■ ACTION ITEM: Could you retype the entries below exactly, omitting every picture?

━━ EXTRACTED RECORDS ━━

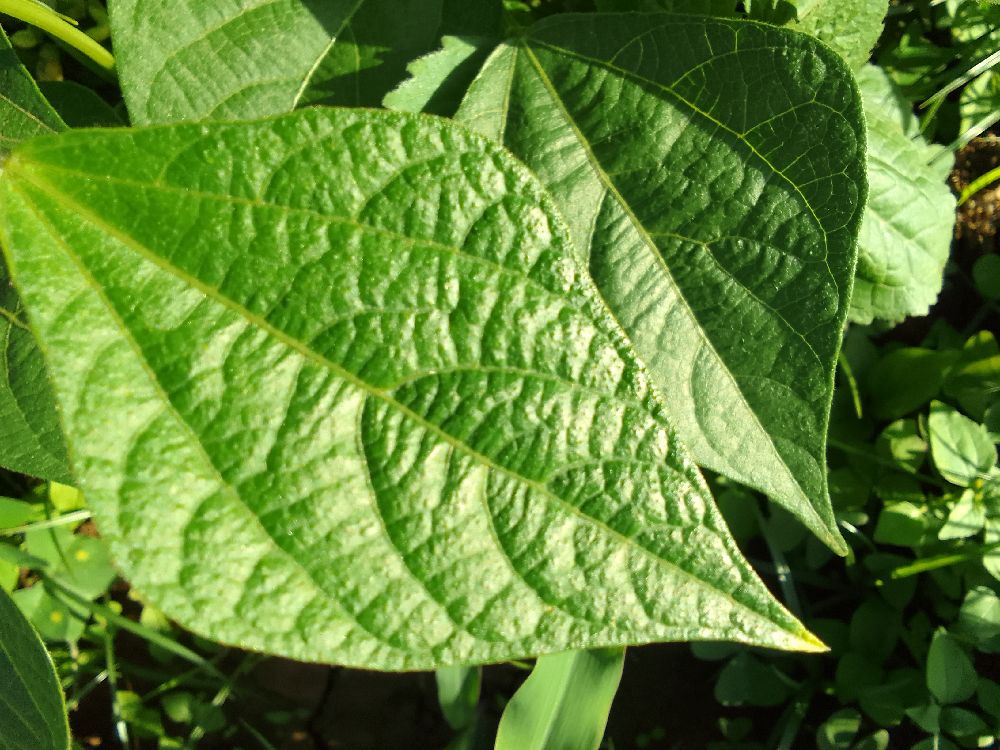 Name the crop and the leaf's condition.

common bean, healthy
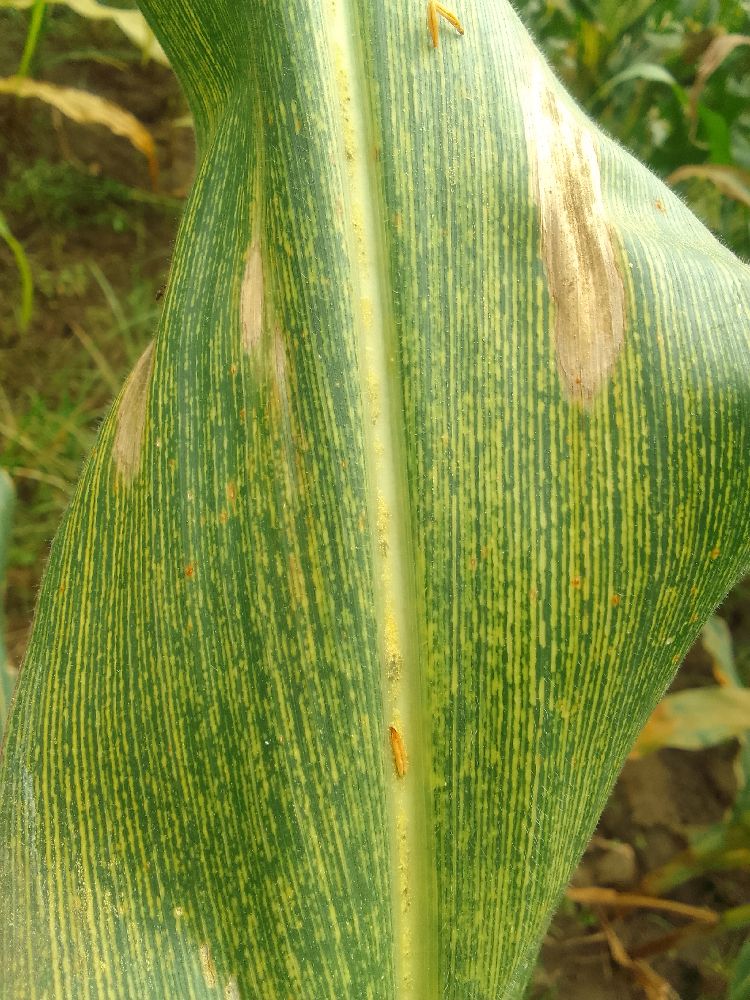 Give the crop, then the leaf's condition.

maize, maize streak virus
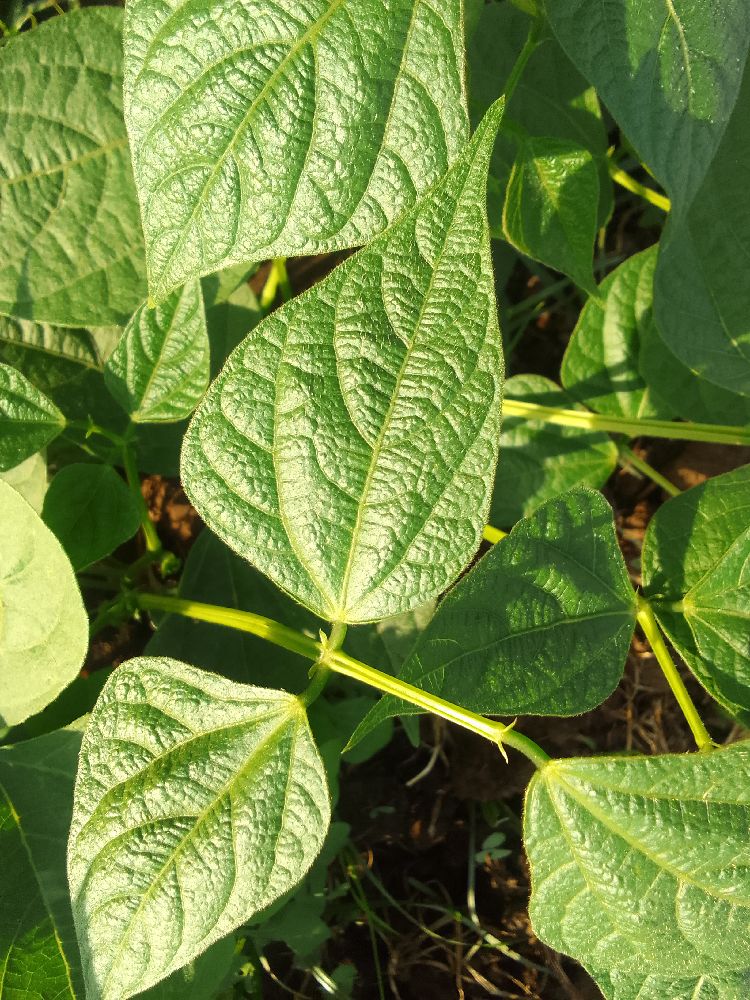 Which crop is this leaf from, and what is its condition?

common bean, healthy
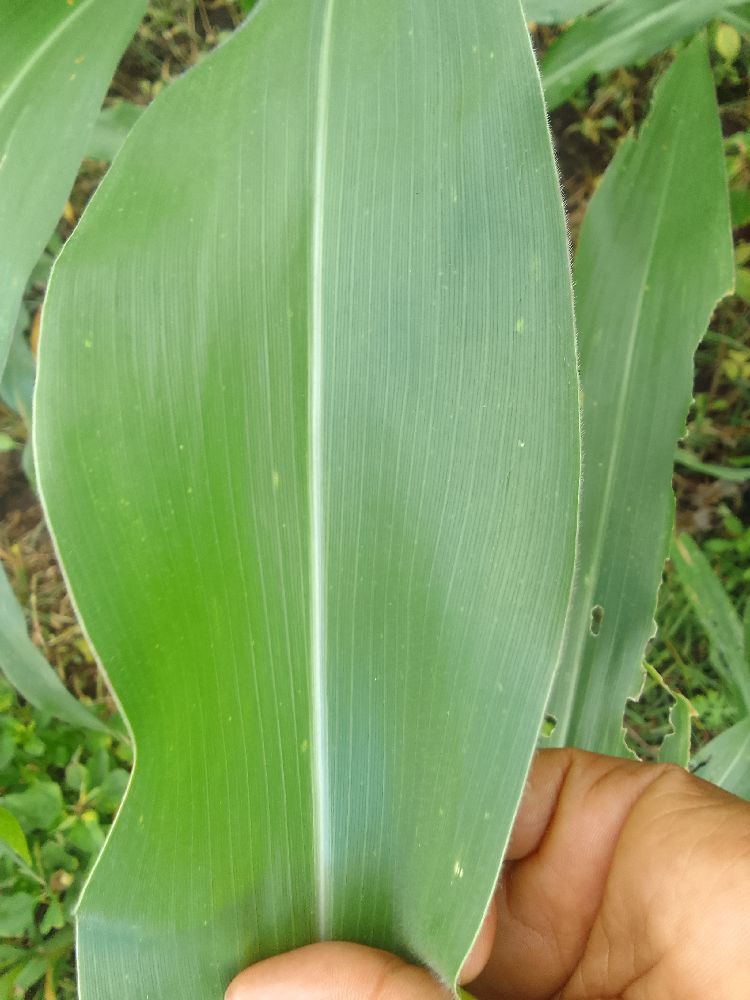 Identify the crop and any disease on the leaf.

maize, healthy
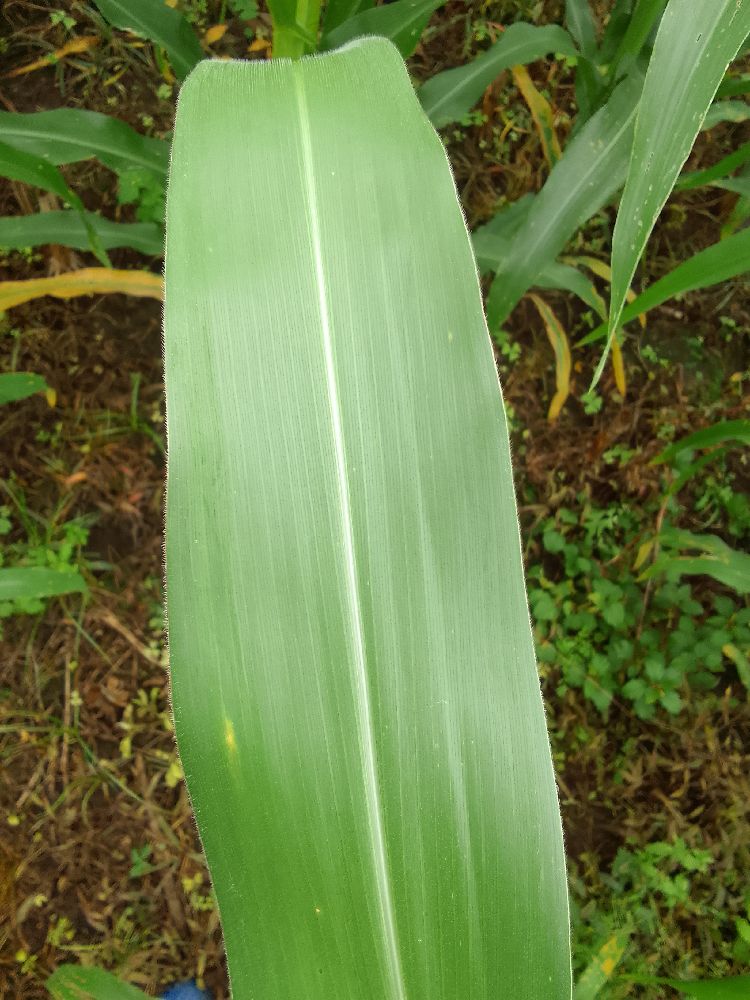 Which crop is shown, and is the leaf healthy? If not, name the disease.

maize, healthy
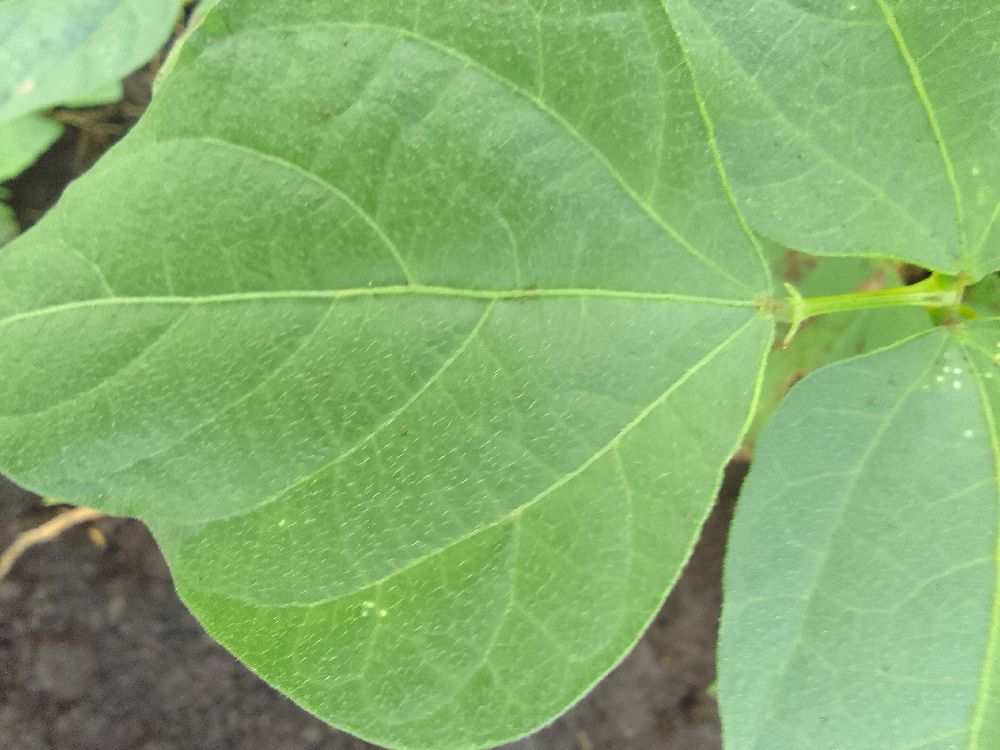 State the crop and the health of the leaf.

common bean, healthy
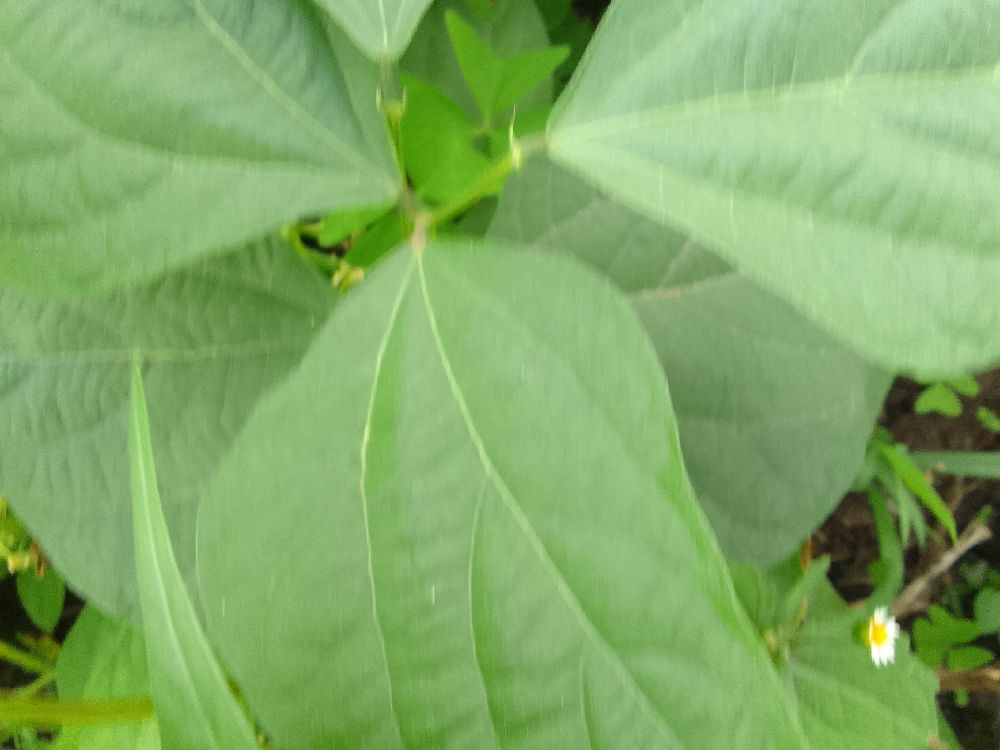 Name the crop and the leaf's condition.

common bean, healthy
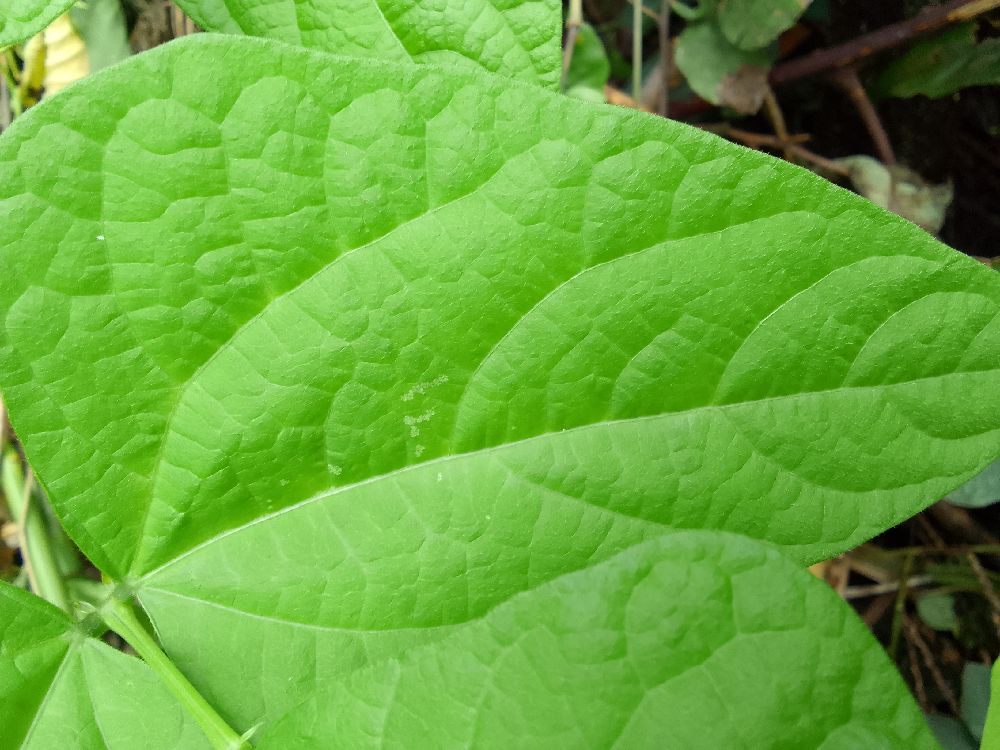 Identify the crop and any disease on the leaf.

common bean, healthy
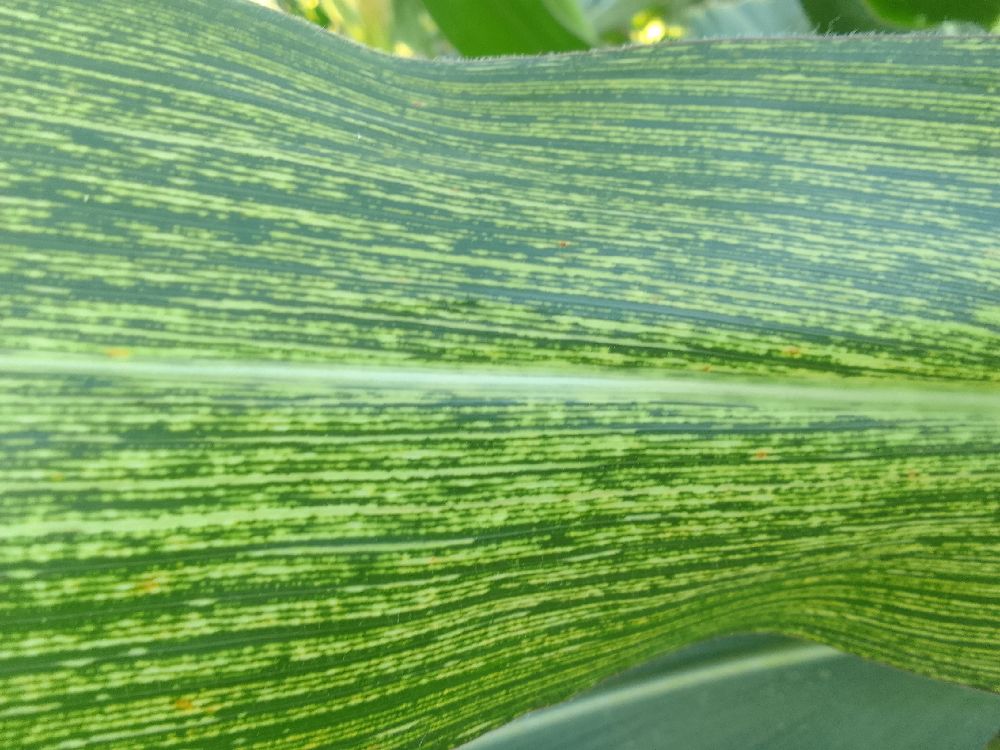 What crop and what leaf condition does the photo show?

maize, maize streak virus
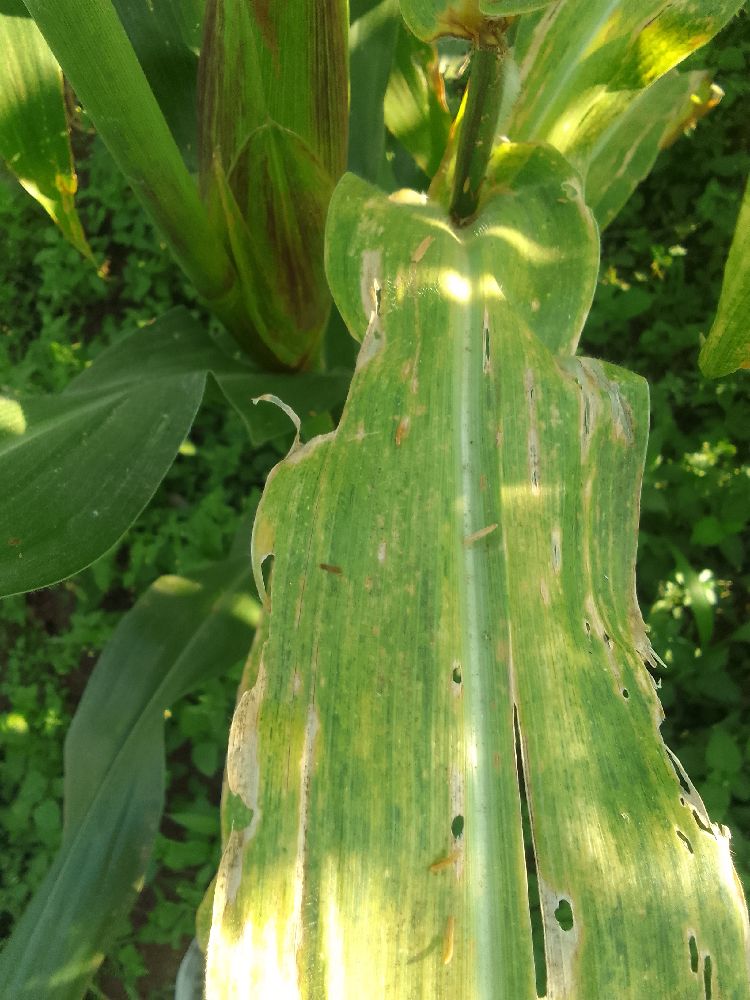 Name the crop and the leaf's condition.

maize, maize lethal necrosis
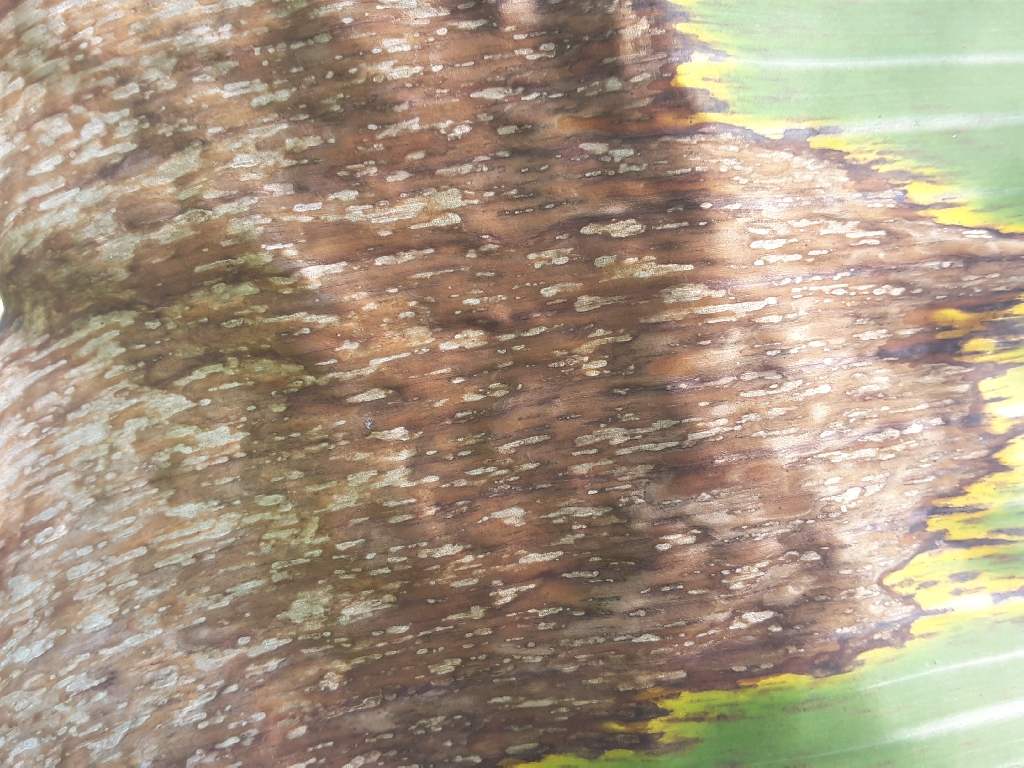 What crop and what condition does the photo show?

banana, black sigatoka
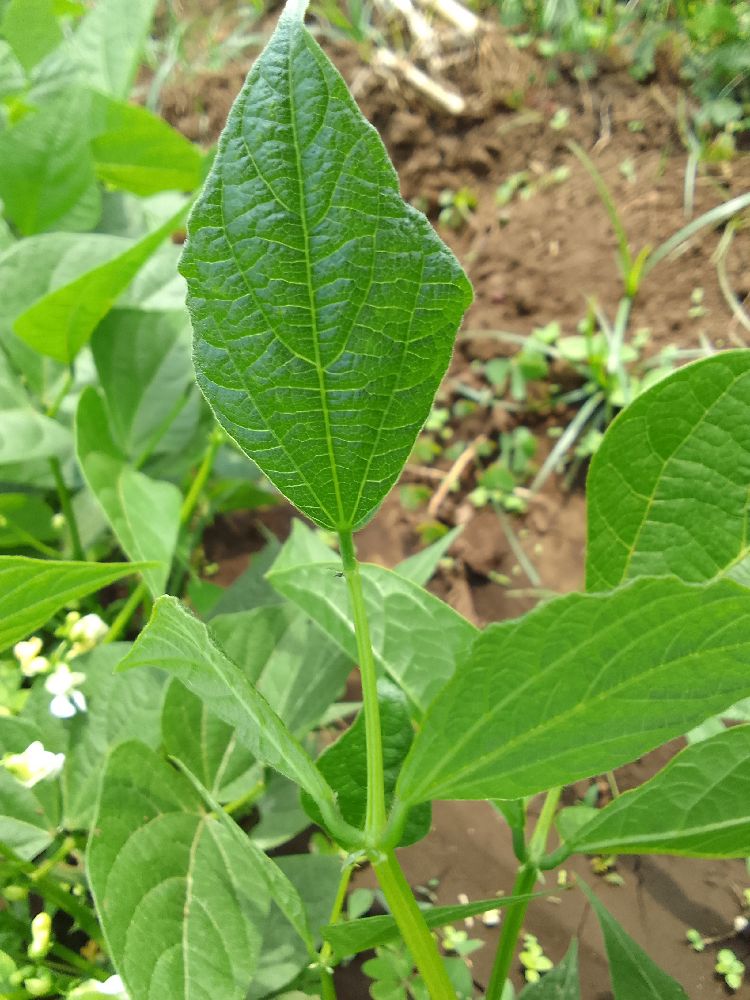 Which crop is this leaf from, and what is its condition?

common bean, healthy

━━━

■ TASK RESULT:
 Name the crop and the leaf's condition.

common bean, healthy
 Give the crop, then the leaf's condition.

maize, maize streak virus
 Which crop is this leaf from, and what is its condition?

common bean, healthy
 Identify the crop and any disease on the leaf.

maize, healthy
 Which crop is shown, and is the leaf healthy? If not, name the disease.

maize, healthy
 State the crop and the health of the leaf.

common bean, healthy
 Name the crop and the leaf's condition.

common bean, healthy
 Identify the crop and any disease on the leaf.

common bean, healthy
 What crop and what leaf condition does the photo show?

maize, maize streak virus
 Name the crop and the leaf's condition.

maize, maize lethal necrosis
 What crop and what condition does the photo show?

banana, black sigatoka
 Which crop is this leaf from, and what is its condition?

common bean, healthy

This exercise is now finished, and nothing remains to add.